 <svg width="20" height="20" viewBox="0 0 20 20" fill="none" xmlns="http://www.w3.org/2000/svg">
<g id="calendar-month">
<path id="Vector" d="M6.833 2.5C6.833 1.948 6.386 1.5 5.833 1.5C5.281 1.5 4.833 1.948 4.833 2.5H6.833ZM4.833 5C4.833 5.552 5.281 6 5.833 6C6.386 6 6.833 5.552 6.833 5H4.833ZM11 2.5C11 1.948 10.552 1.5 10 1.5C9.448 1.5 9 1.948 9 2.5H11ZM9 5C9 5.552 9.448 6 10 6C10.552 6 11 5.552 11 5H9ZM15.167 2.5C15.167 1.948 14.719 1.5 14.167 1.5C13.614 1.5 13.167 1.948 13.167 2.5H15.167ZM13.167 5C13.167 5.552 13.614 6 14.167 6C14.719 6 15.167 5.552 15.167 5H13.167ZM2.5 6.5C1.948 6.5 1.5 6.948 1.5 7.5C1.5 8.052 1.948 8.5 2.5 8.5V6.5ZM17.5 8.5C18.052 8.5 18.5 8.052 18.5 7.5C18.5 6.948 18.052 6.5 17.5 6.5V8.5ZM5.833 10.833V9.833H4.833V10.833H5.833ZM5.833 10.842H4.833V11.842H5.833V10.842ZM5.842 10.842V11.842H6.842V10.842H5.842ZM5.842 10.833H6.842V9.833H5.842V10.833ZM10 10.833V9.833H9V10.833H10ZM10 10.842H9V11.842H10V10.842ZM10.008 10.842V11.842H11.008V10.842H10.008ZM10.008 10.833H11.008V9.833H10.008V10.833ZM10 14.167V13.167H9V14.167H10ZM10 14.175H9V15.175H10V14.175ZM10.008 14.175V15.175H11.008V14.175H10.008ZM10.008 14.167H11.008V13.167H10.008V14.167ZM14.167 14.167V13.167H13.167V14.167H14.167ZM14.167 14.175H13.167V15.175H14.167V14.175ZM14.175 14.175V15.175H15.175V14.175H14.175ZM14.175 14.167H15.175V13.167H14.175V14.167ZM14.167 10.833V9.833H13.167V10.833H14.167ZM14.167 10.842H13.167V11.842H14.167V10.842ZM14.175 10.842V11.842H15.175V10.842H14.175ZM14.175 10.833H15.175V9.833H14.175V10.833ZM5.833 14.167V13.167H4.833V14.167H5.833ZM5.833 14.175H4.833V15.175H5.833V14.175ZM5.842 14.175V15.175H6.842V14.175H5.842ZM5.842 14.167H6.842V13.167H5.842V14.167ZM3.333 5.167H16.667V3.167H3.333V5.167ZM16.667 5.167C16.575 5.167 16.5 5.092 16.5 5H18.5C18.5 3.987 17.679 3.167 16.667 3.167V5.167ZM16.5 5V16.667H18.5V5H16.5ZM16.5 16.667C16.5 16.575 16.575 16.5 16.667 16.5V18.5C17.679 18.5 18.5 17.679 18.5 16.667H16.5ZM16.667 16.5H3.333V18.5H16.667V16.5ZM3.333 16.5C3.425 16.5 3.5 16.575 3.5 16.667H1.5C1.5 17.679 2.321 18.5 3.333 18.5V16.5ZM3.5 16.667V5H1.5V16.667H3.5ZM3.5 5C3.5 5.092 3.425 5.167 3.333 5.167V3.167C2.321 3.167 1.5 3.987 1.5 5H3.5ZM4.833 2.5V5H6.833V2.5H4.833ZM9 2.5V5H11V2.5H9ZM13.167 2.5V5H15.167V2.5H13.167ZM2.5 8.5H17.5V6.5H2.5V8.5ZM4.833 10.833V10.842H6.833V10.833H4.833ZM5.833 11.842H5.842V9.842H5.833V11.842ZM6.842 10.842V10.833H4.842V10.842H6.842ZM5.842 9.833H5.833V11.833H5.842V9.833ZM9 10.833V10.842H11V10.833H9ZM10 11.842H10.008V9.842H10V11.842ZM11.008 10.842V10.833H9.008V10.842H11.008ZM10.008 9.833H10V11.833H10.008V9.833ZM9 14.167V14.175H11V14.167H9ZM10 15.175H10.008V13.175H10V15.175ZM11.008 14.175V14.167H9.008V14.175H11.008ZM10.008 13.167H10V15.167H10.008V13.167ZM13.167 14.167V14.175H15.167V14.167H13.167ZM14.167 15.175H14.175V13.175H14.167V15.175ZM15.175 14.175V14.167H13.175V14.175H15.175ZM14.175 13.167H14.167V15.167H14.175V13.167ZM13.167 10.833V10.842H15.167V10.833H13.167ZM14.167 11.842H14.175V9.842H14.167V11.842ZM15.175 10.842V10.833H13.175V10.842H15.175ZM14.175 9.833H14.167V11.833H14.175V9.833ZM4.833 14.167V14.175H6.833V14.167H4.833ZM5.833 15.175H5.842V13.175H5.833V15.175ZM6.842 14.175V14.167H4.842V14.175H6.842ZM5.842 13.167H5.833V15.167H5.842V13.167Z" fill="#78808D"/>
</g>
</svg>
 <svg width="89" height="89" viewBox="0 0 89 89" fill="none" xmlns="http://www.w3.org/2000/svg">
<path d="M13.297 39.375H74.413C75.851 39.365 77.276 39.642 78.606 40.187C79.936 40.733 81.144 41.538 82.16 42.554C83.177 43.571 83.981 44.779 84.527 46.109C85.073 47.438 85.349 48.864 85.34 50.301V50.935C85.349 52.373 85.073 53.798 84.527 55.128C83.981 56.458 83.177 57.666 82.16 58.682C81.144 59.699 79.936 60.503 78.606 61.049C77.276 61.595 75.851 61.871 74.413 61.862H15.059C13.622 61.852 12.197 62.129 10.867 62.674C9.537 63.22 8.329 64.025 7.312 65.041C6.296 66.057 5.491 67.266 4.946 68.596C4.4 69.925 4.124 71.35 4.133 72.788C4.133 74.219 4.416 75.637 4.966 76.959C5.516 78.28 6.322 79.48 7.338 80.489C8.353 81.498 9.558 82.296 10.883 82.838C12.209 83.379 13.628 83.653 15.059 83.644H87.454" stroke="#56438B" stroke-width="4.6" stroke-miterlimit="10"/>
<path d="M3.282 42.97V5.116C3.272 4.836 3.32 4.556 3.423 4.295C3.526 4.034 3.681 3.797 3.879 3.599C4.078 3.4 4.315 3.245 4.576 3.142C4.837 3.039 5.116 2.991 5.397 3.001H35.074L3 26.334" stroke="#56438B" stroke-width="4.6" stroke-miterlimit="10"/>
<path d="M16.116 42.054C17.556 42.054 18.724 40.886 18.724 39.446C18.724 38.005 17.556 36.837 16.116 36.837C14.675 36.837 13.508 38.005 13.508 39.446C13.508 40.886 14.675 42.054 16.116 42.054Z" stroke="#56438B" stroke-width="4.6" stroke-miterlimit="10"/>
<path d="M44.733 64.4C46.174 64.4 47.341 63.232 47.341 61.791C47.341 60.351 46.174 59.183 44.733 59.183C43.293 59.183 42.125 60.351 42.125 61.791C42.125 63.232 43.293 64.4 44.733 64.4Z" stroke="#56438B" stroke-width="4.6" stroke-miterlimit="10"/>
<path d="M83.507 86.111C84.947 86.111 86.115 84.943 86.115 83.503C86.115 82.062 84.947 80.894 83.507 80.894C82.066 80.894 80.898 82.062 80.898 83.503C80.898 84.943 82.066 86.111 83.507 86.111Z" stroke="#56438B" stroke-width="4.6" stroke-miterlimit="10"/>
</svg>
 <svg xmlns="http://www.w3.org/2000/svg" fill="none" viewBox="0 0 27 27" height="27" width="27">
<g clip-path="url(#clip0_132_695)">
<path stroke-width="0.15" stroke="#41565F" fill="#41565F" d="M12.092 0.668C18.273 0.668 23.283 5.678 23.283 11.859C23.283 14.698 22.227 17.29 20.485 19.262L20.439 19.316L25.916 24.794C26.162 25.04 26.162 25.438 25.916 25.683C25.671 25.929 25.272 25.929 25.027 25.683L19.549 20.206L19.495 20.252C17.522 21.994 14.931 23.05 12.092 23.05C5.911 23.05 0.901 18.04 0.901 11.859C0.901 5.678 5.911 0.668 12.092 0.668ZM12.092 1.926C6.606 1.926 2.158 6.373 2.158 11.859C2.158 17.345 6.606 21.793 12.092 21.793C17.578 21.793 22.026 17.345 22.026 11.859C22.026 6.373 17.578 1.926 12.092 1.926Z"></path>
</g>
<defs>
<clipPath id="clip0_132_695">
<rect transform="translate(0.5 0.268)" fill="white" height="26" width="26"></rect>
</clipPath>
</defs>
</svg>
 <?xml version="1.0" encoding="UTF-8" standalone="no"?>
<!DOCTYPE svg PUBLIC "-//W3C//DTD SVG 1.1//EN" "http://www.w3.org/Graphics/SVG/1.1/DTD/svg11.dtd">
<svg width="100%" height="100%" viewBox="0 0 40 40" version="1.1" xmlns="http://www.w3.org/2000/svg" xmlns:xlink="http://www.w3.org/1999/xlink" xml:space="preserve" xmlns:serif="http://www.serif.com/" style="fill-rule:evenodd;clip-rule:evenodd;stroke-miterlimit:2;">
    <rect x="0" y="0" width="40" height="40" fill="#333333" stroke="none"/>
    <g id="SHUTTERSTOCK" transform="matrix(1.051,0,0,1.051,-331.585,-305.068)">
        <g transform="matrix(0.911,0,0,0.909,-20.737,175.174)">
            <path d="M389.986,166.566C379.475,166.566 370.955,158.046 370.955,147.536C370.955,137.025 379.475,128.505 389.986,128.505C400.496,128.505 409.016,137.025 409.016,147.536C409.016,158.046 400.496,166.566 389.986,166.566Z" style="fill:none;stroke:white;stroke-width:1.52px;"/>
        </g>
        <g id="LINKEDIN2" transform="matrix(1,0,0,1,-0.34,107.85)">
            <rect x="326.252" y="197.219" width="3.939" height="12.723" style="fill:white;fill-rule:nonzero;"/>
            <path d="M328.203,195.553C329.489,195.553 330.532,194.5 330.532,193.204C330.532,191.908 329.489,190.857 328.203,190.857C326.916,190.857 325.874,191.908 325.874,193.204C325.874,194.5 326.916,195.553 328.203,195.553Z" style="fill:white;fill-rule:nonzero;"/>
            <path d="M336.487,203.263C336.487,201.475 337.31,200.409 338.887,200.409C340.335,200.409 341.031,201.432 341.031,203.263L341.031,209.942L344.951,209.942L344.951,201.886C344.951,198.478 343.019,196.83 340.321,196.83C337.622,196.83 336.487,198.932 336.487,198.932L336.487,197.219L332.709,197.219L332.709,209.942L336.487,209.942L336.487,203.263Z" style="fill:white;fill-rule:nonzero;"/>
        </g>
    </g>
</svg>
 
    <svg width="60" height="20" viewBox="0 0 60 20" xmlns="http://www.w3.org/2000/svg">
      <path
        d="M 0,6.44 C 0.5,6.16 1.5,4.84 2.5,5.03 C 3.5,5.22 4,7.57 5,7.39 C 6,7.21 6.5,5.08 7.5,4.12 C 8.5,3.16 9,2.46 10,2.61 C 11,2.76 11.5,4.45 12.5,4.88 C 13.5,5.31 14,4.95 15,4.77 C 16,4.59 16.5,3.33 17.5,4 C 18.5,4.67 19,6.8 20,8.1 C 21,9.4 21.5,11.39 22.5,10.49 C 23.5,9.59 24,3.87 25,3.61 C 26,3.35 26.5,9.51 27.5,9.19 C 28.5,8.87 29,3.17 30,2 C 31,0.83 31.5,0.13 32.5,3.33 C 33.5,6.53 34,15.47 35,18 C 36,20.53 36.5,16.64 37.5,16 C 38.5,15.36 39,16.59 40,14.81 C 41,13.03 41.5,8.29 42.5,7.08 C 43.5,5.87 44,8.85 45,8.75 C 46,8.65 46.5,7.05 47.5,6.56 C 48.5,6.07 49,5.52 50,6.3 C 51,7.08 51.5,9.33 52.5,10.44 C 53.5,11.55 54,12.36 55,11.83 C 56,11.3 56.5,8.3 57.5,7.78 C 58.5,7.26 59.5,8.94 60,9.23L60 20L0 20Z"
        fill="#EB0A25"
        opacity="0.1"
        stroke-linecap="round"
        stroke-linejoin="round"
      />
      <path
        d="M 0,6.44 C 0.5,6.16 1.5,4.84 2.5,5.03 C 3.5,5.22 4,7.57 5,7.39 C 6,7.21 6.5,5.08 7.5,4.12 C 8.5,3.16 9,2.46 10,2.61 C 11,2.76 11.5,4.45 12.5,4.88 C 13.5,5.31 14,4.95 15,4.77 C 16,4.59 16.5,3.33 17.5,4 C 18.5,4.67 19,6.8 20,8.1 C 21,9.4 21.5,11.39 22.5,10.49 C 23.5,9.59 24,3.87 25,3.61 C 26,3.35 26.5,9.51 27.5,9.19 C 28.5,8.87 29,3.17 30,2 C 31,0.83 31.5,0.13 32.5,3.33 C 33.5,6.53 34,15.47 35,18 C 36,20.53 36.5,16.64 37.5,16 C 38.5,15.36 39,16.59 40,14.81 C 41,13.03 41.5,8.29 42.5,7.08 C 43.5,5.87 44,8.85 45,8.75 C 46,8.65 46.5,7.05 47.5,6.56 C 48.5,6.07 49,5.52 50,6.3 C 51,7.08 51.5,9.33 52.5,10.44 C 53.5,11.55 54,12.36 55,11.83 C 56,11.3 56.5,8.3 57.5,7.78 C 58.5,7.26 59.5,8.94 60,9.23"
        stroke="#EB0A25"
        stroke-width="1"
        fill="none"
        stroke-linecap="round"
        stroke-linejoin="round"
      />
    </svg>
__________
▸ **Action item**
Determine how many lines of the listing above include the word "white", and report that number only.

▸ **Answer to this task**
5